Multimedia support in FTM for Mac – a bit lacking

Continuing my attempt to transition my family tree from Reunion to FTM for Mac, I wanted to discuss FTM’s handling of image listed in the GEDCOM file.

So first, I like the fact that FTM has a Media tab where you can view all images in your family tree file. That is something I’ve wanted from Reunion for a long time. That said, it seems FTM’s handling of the imported images is a bit sub-par. For starters, even though it has the correct path for each image file, it can’t seem to find them. Reunion exports the standard Mac (and UNIX) file path to each image, which in my case begins with a tilde (~) indicating that the file is in a sub-folder of my home folder. FTM doesn’t seem to know what that means. It lets you either search manually for the file or have FTM search for it. Either option works, but it would take forever for me to do this for each image.

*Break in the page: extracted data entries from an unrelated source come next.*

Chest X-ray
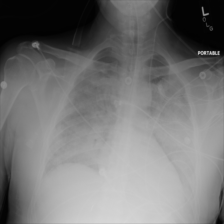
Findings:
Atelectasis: negative
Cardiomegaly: negative
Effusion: negative
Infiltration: positive
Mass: negative
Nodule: negative
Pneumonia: negative
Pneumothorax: negative
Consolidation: negative
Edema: negative
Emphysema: negative
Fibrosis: negative
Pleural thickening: negative
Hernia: negative
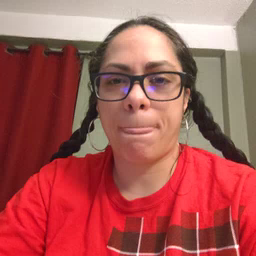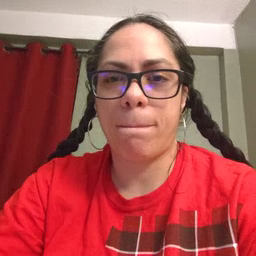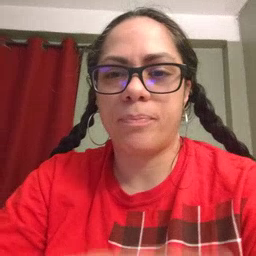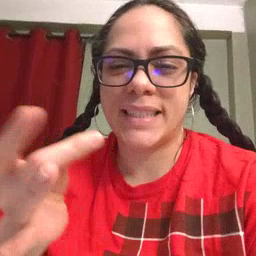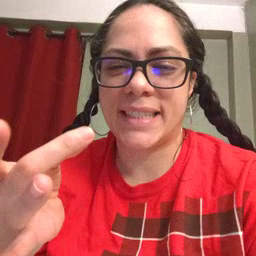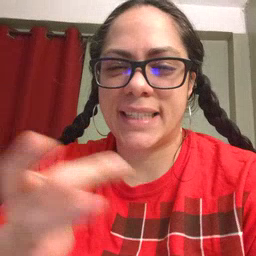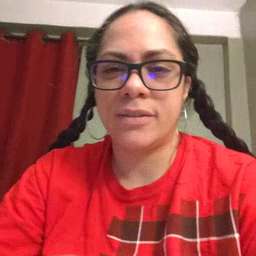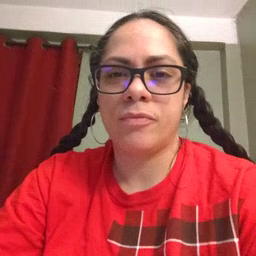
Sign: sticky
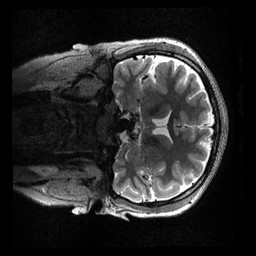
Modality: T2w
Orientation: coronal
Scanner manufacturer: siemens
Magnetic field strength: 3 T
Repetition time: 3.2 s
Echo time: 0.564 s
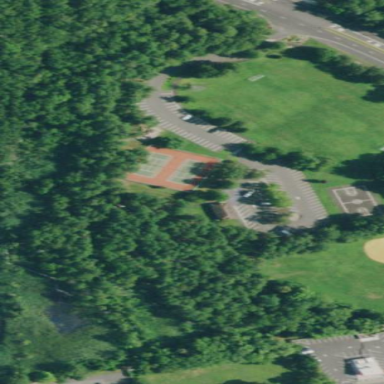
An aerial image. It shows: Leisure park in the midst of woodland.
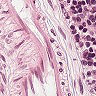
Metastatic tissue present: no
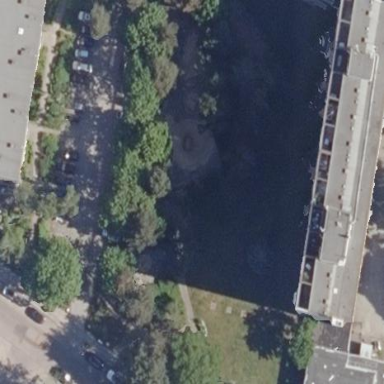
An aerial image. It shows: Park.
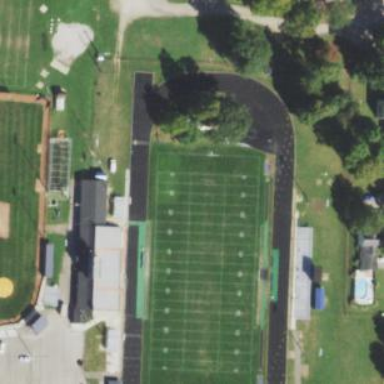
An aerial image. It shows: American football pitch.
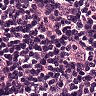
Metastatic tissue present: no
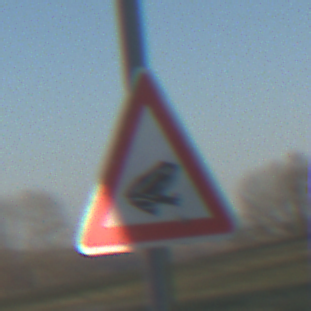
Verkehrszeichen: AmphibienwanderungLinks
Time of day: MorningAfternoon
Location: Outdoor (Nature)
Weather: Clear
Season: Winter
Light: Natural
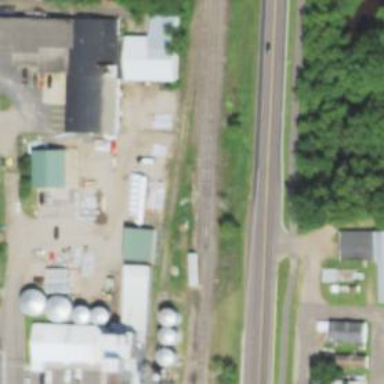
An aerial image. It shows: Railway siding for service.
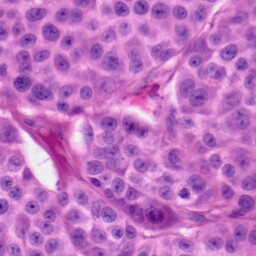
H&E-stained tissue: Skin
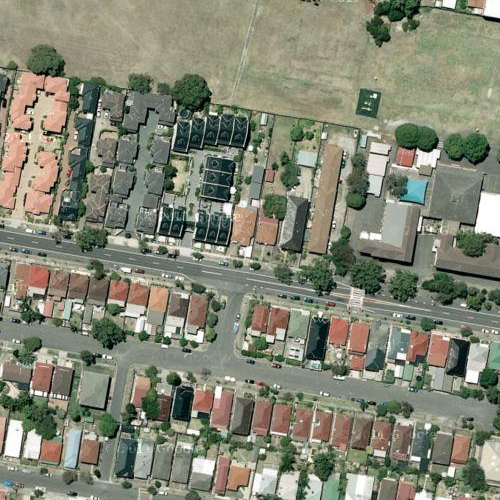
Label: sydney
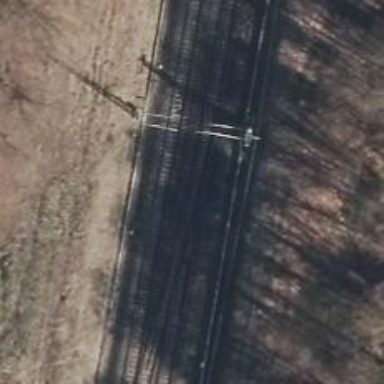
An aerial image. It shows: Railway track with contact line for electrification.
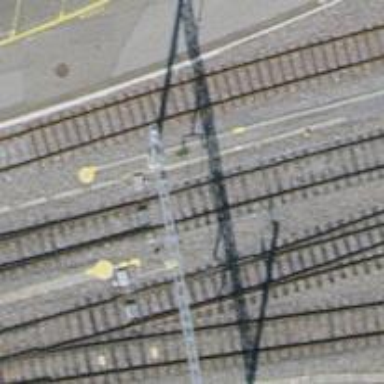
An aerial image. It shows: Single railway track with electrified contact line.
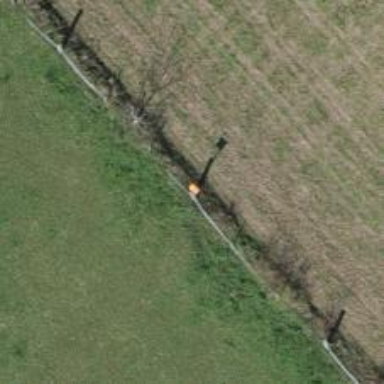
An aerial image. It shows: Pole supporting roof covering pipeline marker.
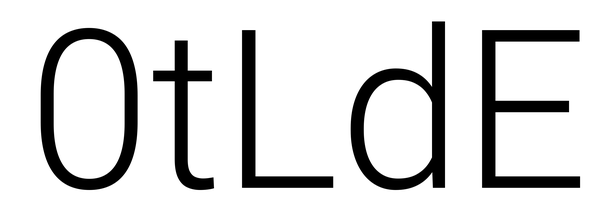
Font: Roboto_Light
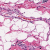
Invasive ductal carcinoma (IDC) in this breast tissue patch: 0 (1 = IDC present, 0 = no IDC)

Reunion has one very nice feature when a file goes missing (like if you move it to a different folder) where it lets you find the new location, and then it looks at all the other images that were in the same folder and updates them as well. This is a big timesaver and something FTM should emulate. THis in combination with the Media view that FTM offers would make a large task like changing all the image locations much easier to manage.

Truth be told, however, this task shouldn’t be needed at all by FTM – if it understood file paths properly this wouldn’t be an issue.

Taking a look at the GEDCOM file itself I can see that Reunion does something very nice – it exports the image cropping information. Frequently when using an image for a specific person you crop the image so it only shows that person. This is particularly true for the ‘primary’ image that one uses to represent the person in the tree. One can also use one group photo to crop out individual face shots of many different people. Showing the full image in a small window where you only want the head would be fairly useless. It’s not clear to me if the _CROP tag that Reunion uses is part of the GEDCOM standard or some kind of generally agreed-upon way to share that information, but it seems to me that FTM ignores the information. Worse, and the likely reason, I can’t figure out any way to crop photos in FTM at all.

I have a lot of complaints about Reunion’s handling of media. I think it should offer to keep a library of thumbnails or even web-resolution images itself, so that it doesn’t need to spend so much time doing image conversion when doing things like creating a web site based on your tree. I think it needs a central media view where you can manage all the images in your tree and make sure all the files can be located, etc. I think some integration with iPhoto would be nice. I think being able to tag photos with information on the people in them and the location information would be incredibly useful. Even with all of these complaints, FTM seems surprisingly inadequate when compared to Reunion in this area.